The code generator introduces registers when you specify certain block implementations or use certain settings. You can follow these guidelines to learn more about these registers and how you can use them to optimize the timing of your design.
Each guideline has a severity level that indicates the level of compliance requirements. To learn more, see HDL Modeling Guidelines Severity Levels.
3.2.1
Informative
In most cases, the code generator introduces the registers in regions that run slower than the clock rate. To avoid or minimize additional latency, you can run these registers at the fast clock rate by using clock-rate pipelining. You can use clock-rate pipelining with these optimizations:
Input and output pipelining
Multi-cycle block implementations, such as complex math operations like Sqrt and Reciprocal.
Floating-point library mapping
Delay balancing
Resource sharing and streaming
In addition, for designs with multiple hierarchies, to improve opportunities for clock-rate pipelining, it is recommended that you have the HDL block property FlattenHierarchy enabled on the top-level Subsystem.
To learn more about clock-rate pipelining and blocks that act as barriers to this optimization, see Clock-Rate Pipelining.
3.2.2
Recommended
Distributed pipelining is a speed optimization that reduces the critical path by moving existing delays in your design while preserving the functional behavior.
To use this optimization for a Subsystem, set the
DistributedPipelining HDL block property set to
on
.
To more effectively use this optimization, in the Configuration Parameters dialog box, on the HDL Code Generation > Optimization pane, you can specify these additional settings.

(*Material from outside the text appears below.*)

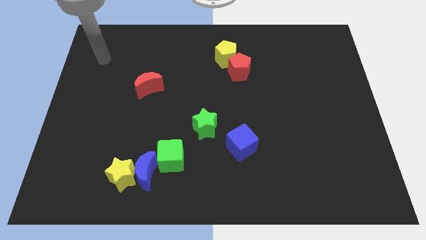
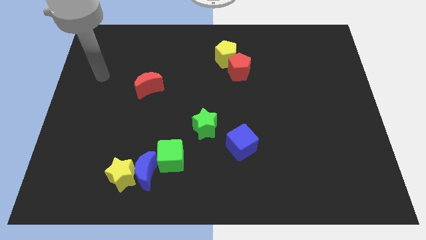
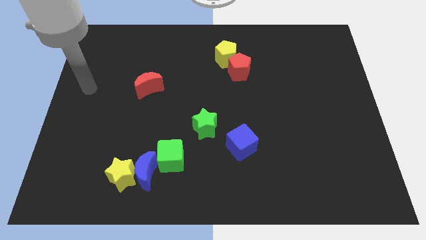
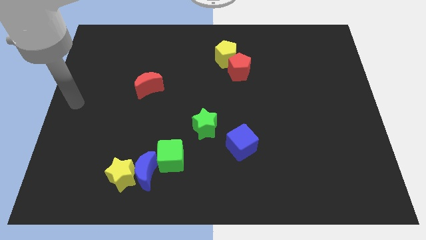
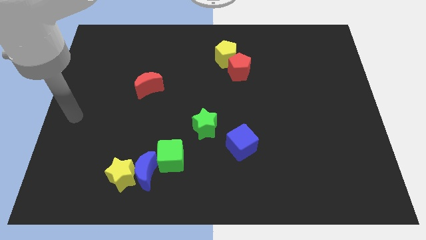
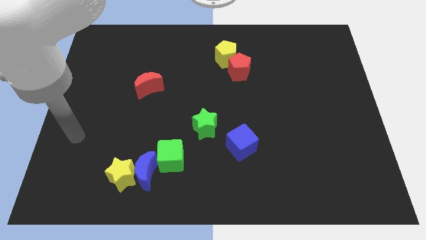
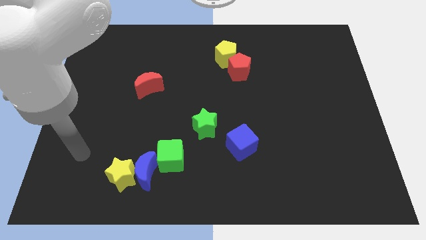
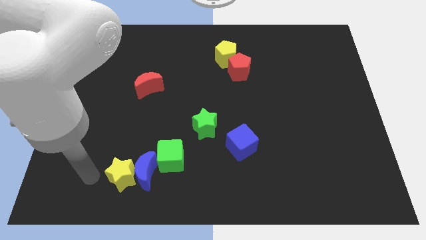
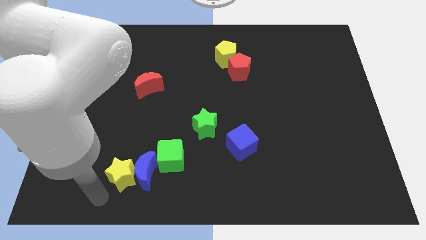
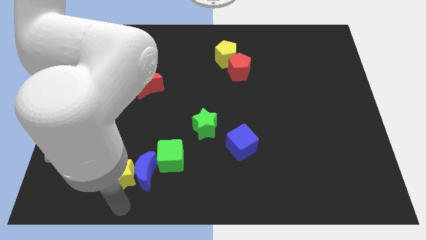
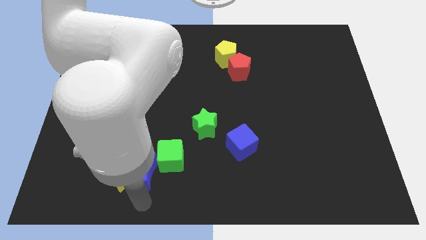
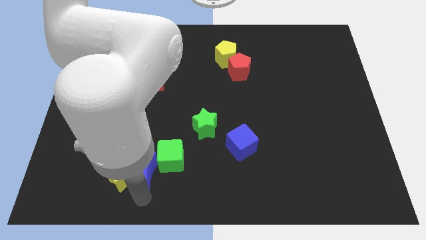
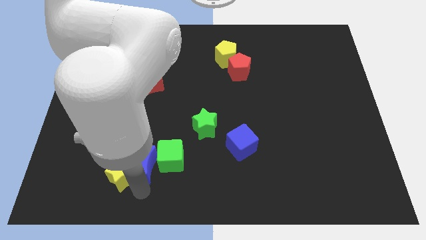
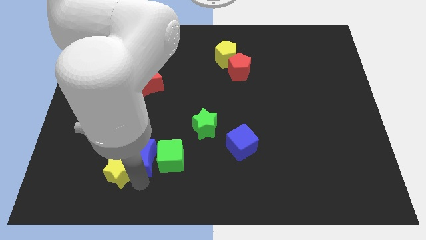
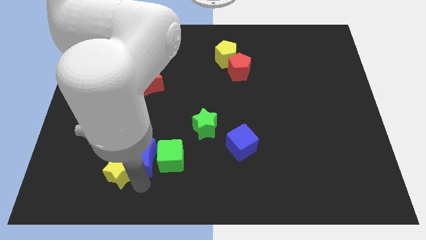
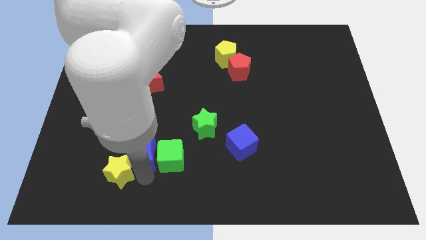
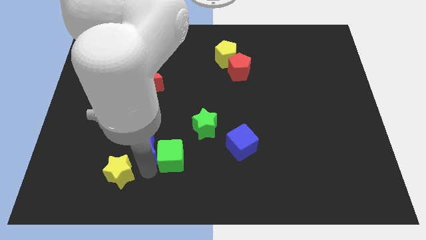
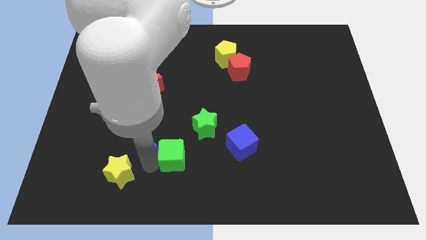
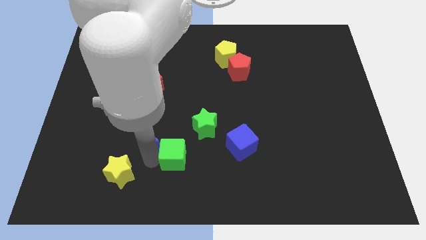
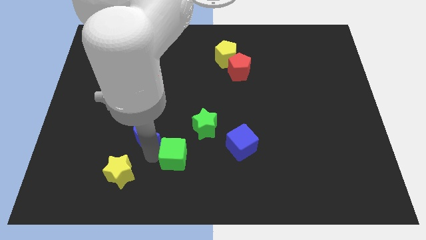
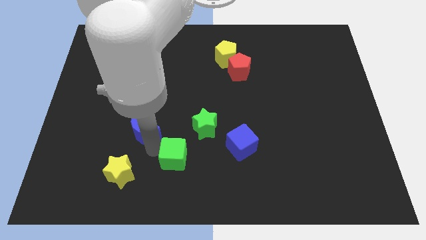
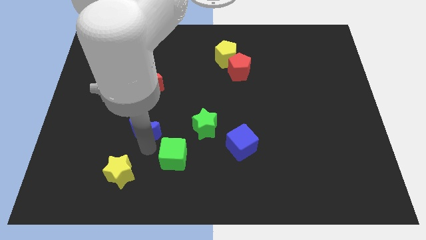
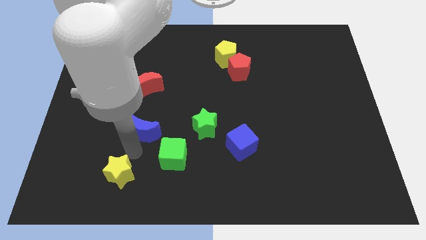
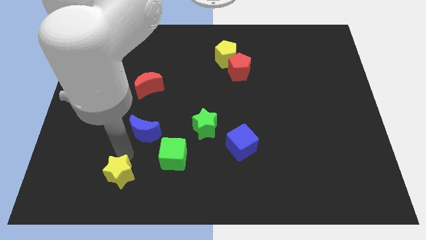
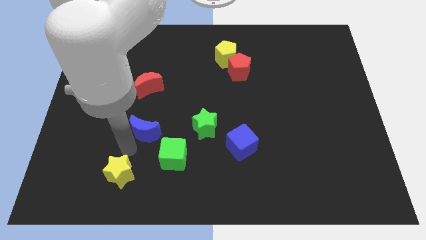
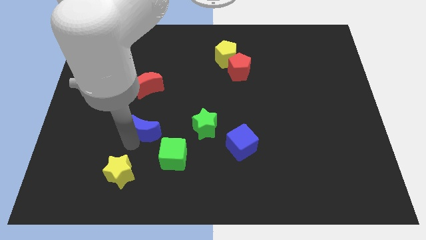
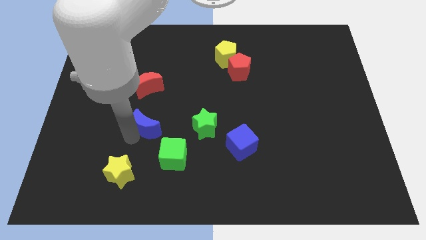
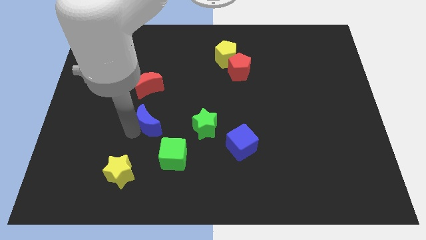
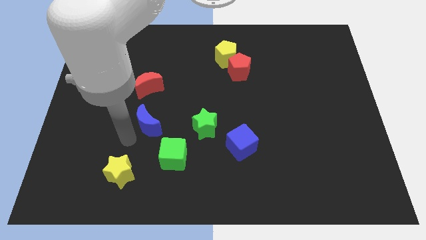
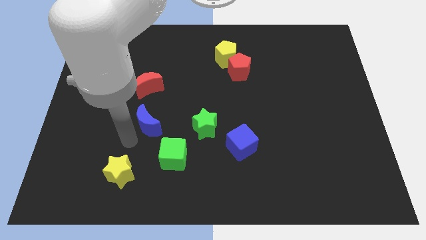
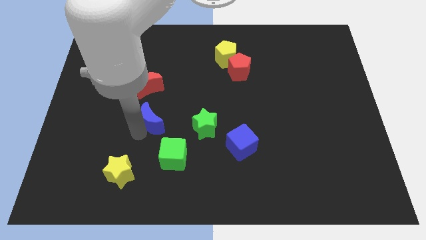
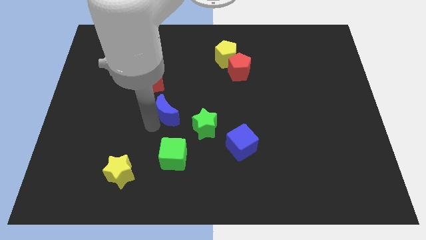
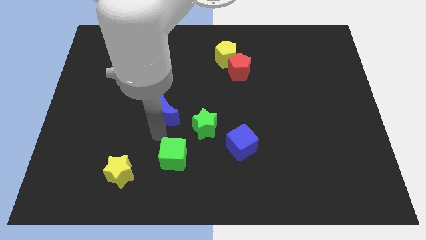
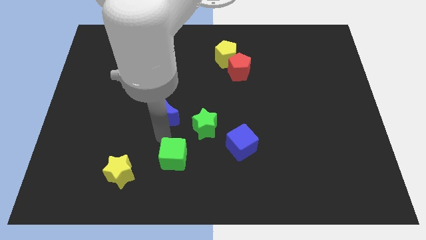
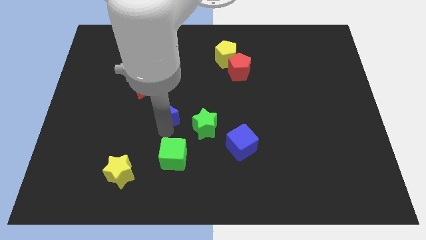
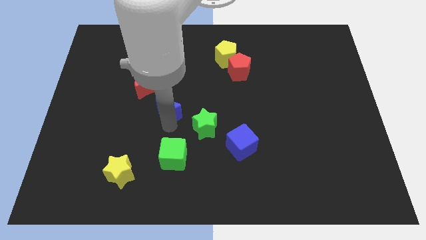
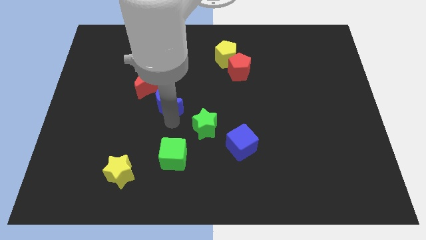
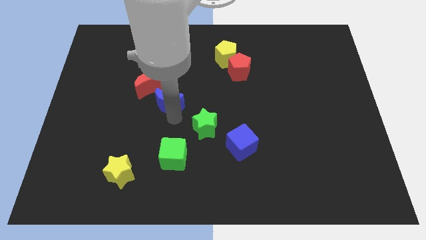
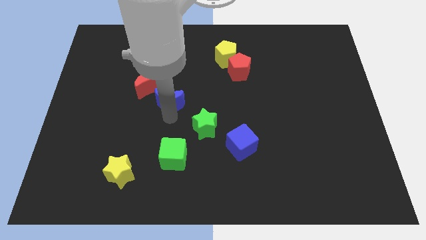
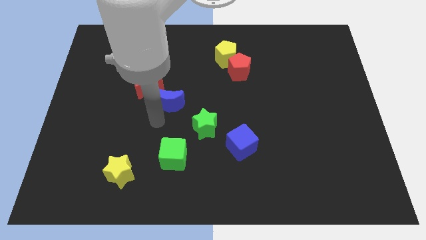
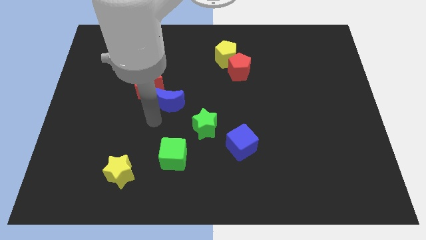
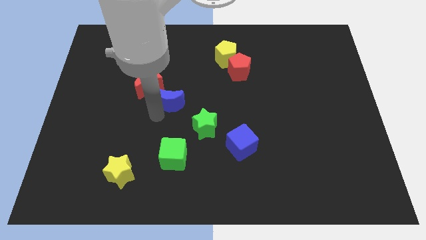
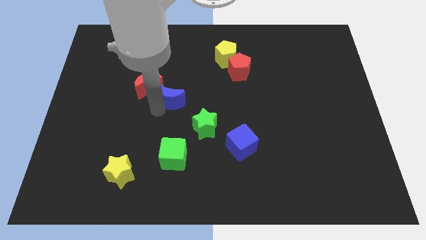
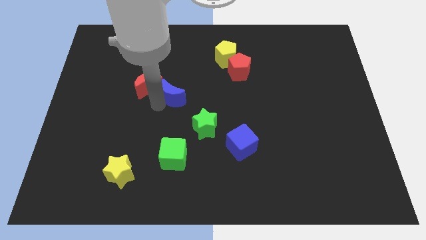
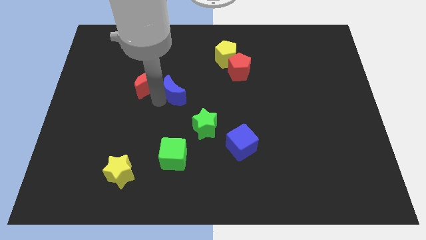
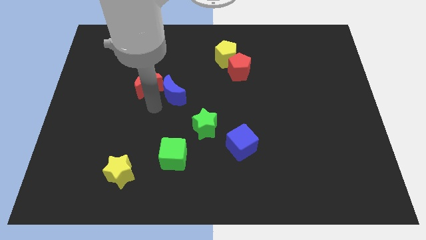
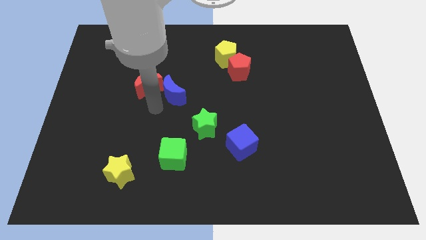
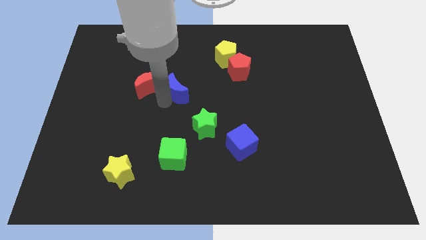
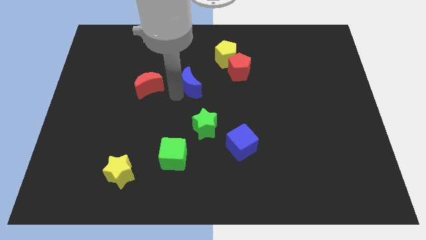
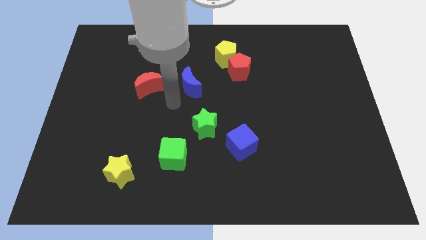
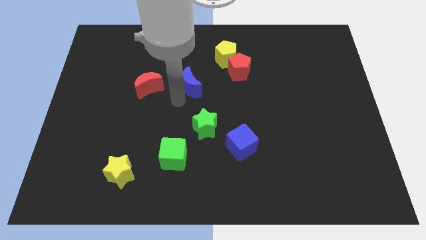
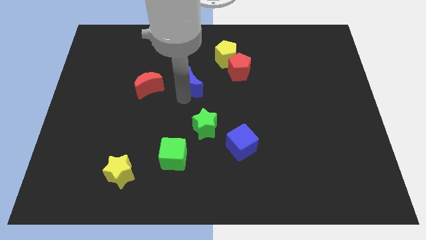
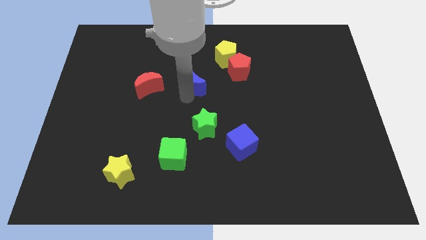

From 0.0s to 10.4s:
slide the blue moon to the bottom left of the yellow pentagon

ConstrainedOutputPipeline: Make sure that the total number of delays that are inserted including anyinput and output pipelining that you specify is greater than or equal to the value that you specify for ConstrainedOutputPipeline on the Subsystem.
Hierarchical distributed pipelining: Select this option if you
want to apply the distributed pipelining optimization across
multiple subsystem hierarchy. Make sure that the top-level
Subsystem and each subsystem in the hierarchy has
the DistributedPipelining HDL block property
set to on
.
Note
If you cannot enable DistributedPipelining on the top-level Subsystem, you can enable FlattenHierarchy, which enables pipelining with other blocks at a lower model hierarchy.
Clock-rate pipelining: Select this option if you want the code generator to insert registers at the clock rate instead of the data rate.
Allow clock-rate pipelining of DUT output ports: Select this option if you want the code generator to insert registers at the clock rate instead of the data rate at the DUT output ports.
Preserve design delays: Select this option if you do not want the code generator to move the delays you added to your design. The optimization only moves pipeline registers.
Distributed pipelining priority: Specify whether you want
the priority to be Numerical Integrity
or
Performance
. If you use
Performance
, make sure that the simulation
results match. In some cases, this setting moves registers into
blocks that have initial values such as constants, which can
affect simulation results.
The Subsystem for which you want to apply the optimization must meet these requirements:
Make sure that the Subsystem that you apply this optimization on does not contain any feedback loops.
Use blocks that are supported for distributed pipelining. For a list of unsupported blocks, see Limitations of Distributed Pipelining. As a workaround:
Place some of the unsupported blocks such as Dot Product inside another Subsystem that does not have distributed pipelining enabled.
Change the Distributed pipelining
priority to
Performance
for certain blocks
such as Enabled Subsystem.
The Sample Time of the blocks must be
discrete. If you have blocks with Sample Time
set to Inf
, change them to -1
.
To identify and change the sample time programmatically, see Change Block Parameters by Using find_system and set_param.
Remove any input ports on Scope blocks to avoid generation of infinite sample time.